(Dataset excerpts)
((

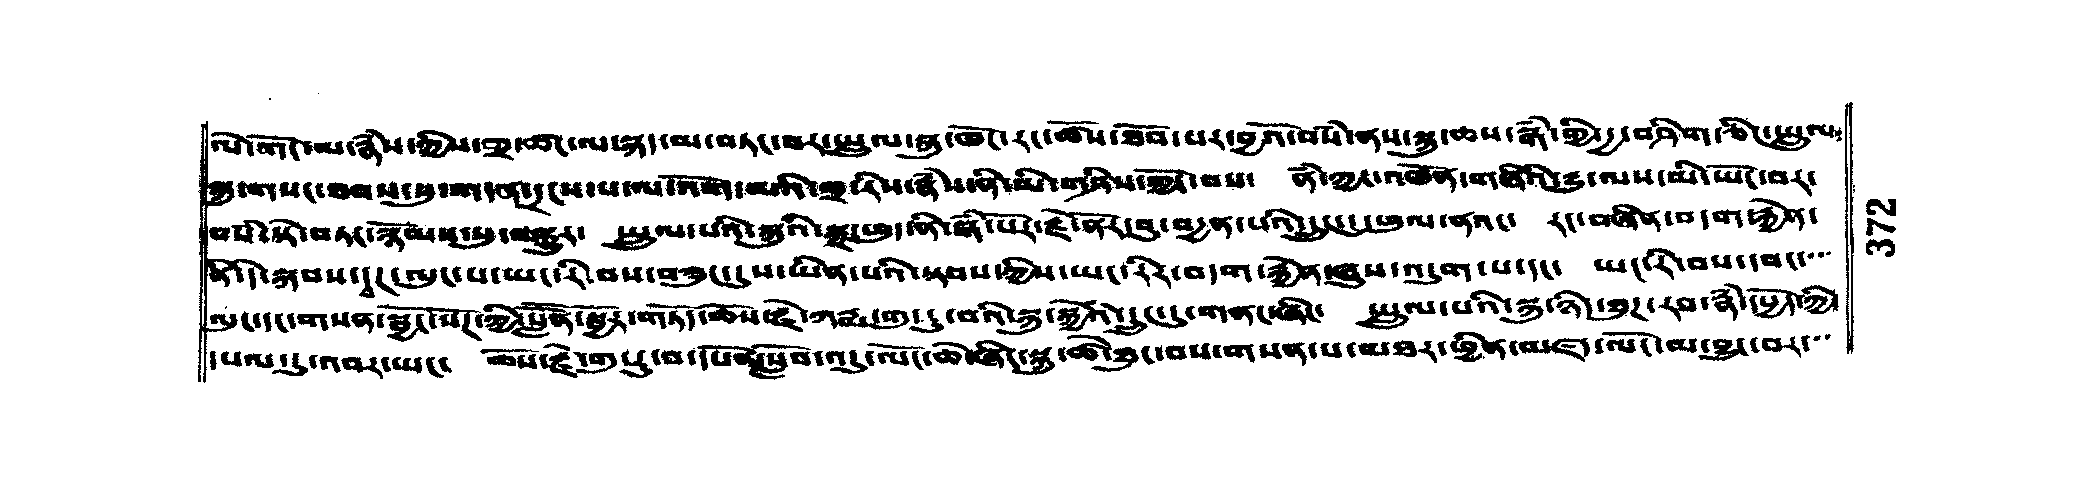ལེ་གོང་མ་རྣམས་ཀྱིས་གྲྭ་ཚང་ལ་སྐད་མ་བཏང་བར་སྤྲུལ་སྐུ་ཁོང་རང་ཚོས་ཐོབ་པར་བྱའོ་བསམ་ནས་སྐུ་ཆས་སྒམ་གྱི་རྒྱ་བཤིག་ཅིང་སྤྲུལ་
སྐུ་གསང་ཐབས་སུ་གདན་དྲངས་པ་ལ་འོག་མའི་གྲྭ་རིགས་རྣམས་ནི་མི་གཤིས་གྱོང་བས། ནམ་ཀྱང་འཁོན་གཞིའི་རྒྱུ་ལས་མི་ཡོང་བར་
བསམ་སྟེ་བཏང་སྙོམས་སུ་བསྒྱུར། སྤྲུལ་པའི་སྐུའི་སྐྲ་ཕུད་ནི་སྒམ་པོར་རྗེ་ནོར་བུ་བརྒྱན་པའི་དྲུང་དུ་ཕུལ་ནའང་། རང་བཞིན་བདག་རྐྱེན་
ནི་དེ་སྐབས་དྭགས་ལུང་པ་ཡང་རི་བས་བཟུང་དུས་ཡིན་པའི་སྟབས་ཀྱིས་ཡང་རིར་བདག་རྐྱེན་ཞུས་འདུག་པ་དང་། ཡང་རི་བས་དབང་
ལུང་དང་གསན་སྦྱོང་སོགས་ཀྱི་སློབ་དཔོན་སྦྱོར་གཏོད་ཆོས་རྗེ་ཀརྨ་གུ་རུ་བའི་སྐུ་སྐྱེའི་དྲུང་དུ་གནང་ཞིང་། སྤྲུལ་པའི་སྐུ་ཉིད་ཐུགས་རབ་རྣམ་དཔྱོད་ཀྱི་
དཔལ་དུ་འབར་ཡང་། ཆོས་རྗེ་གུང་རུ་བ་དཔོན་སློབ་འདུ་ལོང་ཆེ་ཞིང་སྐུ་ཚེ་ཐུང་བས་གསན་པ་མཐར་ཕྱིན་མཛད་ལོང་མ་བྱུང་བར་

))
((

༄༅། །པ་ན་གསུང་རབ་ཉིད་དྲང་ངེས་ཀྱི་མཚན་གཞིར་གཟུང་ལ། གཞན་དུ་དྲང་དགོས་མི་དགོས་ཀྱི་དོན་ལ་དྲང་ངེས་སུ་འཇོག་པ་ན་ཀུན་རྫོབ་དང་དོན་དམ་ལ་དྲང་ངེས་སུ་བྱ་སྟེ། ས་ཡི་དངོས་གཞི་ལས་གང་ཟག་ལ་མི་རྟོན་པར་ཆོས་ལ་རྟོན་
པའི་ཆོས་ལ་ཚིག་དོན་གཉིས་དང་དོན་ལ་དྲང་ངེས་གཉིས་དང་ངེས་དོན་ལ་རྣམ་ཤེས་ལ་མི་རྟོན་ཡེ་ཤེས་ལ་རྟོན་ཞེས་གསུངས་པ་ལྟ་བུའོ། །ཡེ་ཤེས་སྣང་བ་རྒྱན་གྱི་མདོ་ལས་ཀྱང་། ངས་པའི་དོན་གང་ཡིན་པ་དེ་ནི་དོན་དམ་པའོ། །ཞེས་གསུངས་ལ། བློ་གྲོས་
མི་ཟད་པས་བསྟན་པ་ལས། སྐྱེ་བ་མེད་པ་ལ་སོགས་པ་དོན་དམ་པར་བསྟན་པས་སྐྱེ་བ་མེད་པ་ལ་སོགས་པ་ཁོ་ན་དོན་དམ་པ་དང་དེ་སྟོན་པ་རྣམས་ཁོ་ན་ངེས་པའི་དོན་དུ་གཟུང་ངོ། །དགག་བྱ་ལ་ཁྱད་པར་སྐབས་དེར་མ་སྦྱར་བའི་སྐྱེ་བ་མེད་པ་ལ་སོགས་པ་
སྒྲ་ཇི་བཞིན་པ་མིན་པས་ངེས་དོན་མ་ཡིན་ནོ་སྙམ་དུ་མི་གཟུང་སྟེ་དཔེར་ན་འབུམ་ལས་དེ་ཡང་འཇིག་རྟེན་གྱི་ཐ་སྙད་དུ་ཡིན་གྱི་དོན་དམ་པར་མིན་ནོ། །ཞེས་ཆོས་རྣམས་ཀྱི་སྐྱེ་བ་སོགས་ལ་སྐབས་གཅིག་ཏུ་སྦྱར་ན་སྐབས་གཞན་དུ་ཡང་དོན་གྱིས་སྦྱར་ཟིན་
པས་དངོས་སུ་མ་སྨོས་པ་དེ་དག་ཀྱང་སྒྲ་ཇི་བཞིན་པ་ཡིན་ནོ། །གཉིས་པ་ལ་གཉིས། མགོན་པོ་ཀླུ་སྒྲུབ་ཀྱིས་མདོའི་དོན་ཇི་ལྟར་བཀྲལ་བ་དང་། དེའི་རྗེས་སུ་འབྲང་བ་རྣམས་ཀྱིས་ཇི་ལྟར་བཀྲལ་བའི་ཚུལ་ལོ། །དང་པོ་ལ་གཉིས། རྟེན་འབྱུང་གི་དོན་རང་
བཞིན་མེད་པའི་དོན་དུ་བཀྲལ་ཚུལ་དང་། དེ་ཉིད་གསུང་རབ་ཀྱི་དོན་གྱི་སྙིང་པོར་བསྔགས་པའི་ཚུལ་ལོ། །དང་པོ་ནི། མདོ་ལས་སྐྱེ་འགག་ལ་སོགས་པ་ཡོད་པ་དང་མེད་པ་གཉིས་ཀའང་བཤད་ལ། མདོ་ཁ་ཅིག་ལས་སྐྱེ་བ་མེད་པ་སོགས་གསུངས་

))

* What you are asked to do: Would you output the lines above from the line holding "ལེ་གོང་མ་རྣམས་" up to and including the line holding "ནི་དེ་སྐབས་དྭག", exactly and only those, with no pictures?

* Answer to the problem:
ལེ་གོང་མ་རྣམས་ཀྱིས་གྲྭ་ཚང་ལ་སྐད་མ་བཏང་བར་སྤྲུལ་སྐུ་ཁོང་རང་ཚོས་ཐོབ་པར་བྱའོ་བསམ་ནས་སྐུ་ཆས་སྒམ་གྱི་རྒྱ་བཤིག་ཅིང་སྤྲུལ་
སྐུ་གསང་ཐབས་སུ་གདན་དྲངས་པ་ལ་འོག་མའི་གྲྭ་རིགས་རྣམས་ནི་མི་གཤིས་གྱོང་བས། ནམ་ཀྱང་འཁོན་གཞིའི་རྒྱུ་ལས་མི་ཡོང་བར་
བསམ་སྟེ་བཏང་སྙོམས་སུ་བསྒྱུར། སྤྲུལ་པའི་སྐུའི་སྐྲ་ཕུད་ནི་སྒམ་པོར་རྗེ་ནོར་བུ་བརྒྱན་པའི་དྲུང་དུ་ཕུལ་ནའང་། རང་བཞིན་བདག་རྐྱེན་
ནི་དེ་སྐབས་དྭགས་ལུང་པ་ཡང་རི་བས་བཟུང་དུས་ཡིན་པའི་སྟབས་ཀྱིས་ཡང་རིར་བདག་རྐྱེན་ཞུས་འདུག་པ་དང་། ཡང་རི་བས་དབང་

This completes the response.